● Work to complete:
Exactly reproduce the lines of the listing below from the one containing "Question: What does" through the one containing "Answer: ހަގީގަތުގައި މިހުރިހާ". Skip the images.

___ Material provided

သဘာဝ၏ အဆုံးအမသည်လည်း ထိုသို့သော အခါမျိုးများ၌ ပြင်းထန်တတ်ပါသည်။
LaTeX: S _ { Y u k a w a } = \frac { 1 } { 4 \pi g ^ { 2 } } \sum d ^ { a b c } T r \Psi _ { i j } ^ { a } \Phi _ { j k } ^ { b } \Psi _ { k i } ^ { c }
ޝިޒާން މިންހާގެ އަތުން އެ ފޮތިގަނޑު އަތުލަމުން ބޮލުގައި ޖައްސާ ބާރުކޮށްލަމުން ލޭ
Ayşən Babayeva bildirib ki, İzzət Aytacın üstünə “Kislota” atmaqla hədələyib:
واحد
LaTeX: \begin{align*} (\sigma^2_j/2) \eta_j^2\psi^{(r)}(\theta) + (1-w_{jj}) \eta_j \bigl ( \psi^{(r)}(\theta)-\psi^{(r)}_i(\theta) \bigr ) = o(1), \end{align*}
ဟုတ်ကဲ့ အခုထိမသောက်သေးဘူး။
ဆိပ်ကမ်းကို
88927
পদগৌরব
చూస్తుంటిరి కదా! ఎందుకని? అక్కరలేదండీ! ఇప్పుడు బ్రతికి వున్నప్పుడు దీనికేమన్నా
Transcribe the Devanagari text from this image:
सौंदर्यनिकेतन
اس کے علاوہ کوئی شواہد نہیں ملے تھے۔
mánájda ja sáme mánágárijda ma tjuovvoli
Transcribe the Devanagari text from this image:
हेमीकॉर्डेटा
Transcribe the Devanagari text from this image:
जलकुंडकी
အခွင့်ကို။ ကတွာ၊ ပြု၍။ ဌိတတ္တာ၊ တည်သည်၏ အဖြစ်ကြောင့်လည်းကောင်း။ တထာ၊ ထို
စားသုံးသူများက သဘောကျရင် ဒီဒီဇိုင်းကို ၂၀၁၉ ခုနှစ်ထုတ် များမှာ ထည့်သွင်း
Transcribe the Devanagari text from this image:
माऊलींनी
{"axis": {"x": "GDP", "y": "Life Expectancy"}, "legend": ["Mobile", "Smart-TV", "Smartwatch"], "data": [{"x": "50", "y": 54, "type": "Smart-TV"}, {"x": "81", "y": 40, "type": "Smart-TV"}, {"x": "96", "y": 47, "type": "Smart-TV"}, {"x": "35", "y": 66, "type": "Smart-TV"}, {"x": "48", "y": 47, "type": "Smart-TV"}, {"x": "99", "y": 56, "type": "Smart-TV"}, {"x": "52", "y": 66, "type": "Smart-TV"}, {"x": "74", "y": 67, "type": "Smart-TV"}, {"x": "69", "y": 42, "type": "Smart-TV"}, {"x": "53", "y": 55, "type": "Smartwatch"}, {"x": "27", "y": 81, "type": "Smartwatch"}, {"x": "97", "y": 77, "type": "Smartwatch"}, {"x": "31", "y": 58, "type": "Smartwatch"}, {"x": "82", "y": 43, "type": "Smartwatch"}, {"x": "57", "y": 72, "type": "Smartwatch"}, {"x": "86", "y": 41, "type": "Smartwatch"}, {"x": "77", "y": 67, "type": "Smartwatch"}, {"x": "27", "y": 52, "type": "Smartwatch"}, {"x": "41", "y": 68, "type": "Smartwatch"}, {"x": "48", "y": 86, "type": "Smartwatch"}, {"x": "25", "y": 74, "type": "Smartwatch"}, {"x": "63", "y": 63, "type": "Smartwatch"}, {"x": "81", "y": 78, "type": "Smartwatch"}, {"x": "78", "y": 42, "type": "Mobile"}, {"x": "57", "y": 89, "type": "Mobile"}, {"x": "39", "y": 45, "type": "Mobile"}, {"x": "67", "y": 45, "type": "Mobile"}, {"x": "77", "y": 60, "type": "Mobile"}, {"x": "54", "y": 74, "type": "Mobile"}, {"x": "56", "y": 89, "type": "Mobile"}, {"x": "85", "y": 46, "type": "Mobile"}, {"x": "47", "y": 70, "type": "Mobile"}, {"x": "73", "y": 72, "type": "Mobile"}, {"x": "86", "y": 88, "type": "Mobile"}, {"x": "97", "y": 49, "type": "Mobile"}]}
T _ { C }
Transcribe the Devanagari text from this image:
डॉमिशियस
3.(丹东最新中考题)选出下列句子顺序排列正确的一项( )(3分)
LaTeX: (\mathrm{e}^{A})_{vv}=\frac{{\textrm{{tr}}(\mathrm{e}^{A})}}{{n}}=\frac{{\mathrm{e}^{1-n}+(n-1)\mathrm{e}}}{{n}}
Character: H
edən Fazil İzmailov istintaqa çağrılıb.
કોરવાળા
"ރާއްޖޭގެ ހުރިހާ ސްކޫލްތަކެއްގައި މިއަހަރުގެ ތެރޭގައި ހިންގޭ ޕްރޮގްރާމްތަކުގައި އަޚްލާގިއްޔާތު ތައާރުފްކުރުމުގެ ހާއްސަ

______
___ Material provided

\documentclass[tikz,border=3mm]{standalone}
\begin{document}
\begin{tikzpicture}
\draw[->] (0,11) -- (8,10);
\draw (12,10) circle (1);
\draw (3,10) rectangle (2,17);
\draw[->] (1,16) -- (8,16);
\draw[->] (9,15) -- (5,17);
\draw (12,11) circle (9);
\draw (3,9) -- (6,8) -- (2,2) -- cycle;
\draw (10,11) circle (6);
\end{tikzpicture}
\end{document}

______
___ Material provided

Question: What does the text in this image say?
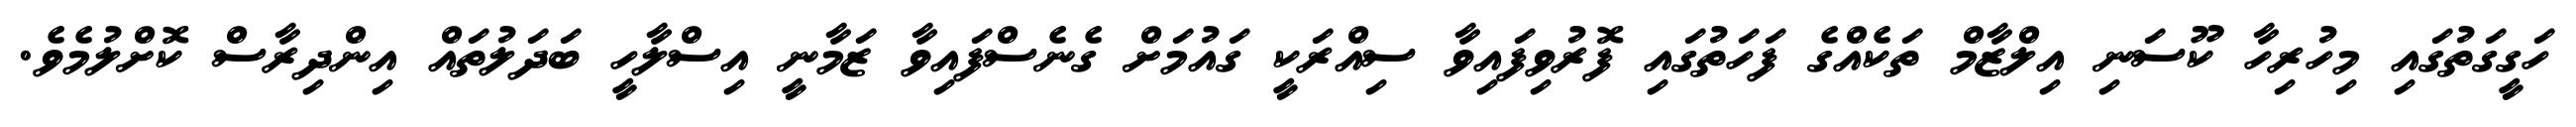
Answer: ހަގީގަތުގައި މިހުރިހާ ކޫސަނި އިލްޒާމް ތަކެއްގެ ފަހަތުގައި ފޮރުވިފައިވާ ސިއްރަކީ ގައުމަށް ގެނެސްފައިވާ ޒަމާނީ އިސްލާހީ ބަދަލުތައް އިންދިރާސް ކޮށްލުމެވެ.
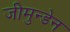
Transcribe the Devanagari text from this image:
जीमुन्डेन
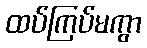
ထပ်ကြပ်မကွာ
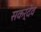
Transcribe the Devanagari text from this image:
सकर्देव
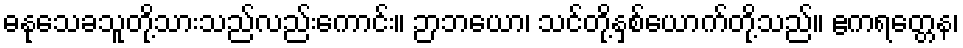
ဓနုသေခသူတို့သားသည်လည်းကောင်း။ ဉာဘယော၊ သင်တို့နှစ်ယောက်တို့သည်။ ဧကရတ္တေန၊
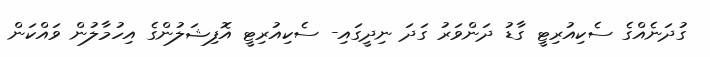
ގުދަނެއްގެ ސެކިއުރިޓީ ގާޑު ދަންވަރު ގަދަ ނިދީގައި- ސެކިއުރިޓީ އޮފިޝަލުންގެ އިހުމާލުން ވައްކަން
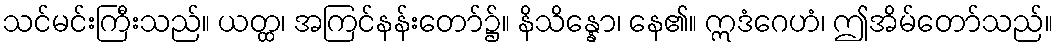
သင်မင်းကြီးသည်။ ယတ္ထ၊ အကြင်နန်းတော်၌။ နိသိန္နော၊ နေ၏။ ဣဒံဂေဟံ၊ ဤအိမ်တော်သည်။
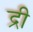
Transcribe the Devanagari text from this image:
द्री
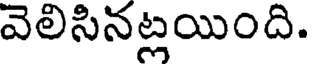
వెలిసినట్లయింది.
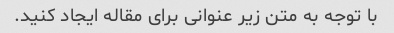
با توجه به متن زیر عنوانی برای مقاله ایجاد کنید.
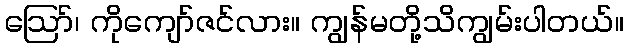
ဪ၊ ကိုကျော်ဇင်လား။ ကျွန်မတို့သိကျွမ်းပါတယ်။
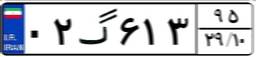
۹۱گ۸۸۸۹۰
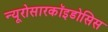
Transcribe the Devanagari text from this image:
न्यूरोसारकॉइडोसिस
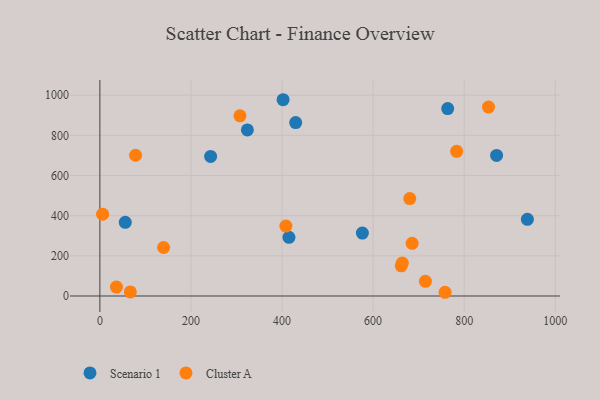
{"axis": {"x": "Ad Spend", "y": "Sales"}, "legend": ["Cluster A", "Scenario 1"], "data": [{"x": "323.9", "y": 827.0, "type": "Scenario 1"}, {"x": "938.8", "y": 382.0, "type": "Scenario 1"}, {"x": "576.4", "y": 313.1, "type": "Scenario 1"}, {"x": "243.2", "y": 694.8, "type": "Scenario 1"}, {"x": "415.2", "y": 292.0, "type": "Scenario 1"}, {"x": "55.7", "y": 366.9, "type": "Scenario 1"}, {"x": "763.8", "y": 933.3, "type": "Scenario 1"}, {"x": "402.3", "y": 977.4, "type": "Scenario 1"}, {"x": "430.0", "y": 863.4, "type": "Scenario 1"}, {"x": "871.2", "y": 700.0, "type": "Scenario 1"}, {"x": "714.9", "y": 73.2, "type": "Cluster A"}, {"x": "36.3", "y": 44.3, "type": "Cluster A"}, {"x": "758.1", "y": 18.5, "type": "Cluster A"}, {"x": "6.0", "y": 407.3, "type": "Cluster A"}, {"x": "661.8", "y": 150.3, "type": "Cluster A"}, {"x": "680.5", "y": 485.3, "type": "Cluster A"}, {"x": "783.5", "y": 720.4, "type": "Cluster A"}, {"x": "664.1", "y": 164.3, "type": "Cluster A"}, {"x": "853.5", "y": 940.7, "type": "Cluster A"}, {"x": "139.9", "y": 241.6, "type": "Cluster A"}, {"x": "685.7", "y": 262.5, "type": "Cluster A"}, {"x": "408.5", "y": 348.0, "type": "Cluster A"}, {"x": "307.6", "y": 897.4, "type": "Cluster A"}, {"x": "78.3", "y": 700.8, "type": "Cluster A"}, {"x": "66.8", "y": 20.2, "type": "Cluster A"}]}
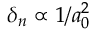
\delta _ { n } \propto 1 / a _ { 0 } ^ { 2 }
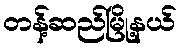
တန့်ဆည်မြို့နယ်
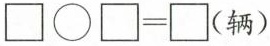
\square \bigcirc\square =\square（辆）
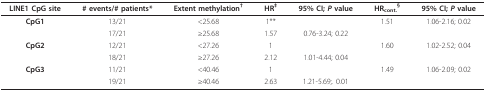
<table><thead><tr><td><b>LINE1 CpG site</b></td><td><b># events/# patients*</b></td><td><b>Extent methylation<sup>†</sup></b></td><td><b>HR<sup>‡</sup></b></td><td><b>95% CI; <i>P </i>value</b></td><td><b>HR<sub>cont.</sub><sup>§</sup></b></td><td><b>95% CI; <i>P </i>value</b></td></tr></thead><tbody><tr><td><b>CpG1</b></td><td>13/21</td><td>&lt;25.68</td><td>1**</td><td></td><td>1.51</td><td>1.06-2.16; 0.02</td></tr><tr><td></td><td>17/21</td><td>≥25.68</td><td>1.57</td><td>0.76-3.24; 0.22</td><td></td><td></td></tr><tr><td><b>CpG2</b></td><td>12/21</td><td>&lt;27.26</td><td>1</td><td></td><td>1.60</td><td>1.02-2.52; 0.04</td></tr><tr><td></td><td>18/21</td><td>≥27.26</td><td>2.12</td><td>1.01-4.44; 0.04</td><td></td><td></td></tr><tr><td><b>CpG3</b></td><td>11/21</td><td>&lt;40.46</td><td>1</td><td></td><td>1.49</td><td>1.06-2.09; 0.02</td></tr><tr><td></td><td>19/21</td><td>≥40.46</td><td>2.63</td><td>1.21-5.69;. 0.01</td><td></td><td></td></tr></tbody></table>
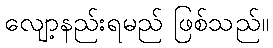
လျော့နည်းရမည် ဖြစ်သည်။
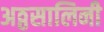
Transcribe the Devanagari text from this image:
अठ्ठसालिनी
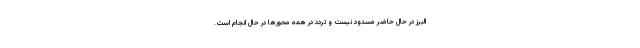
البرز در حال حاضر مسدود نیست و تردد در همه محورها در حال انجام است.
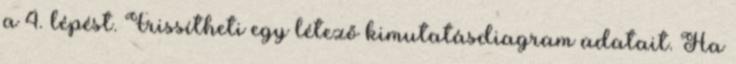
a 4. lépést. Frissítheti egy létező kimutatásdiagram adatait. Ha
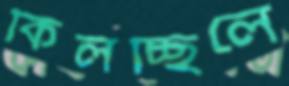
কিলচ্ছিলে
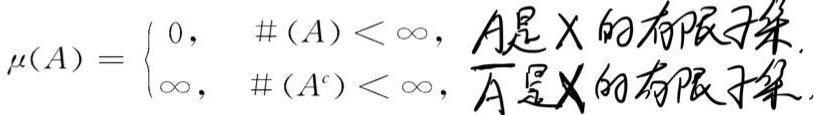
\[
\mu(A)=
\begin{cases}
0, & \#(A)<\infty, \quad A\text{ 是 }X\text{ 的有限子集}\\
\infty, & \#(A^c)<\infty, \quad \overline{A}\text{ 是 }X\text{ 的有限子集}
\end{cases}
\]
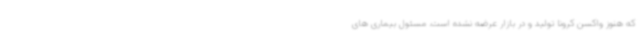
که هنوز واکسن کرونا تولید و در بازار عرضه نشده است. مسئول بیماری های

______

● Solved exercise:
Question: What does the text in this image say?
Answer: ހަގީގަތުގައި މިހުރިހާ ކޫސަނި އިލްޒާމް ތަކެއްގެ ފަހަތުގައި ފޮރުވިފައިވާ ސިއްރަކީ ގައުމަށް ގެނެސްފައިވާ ޒަމާނީ އިސްލާހީ ބަދަލުތައް އިންދިރާސް ކޮށްލުމެވެ.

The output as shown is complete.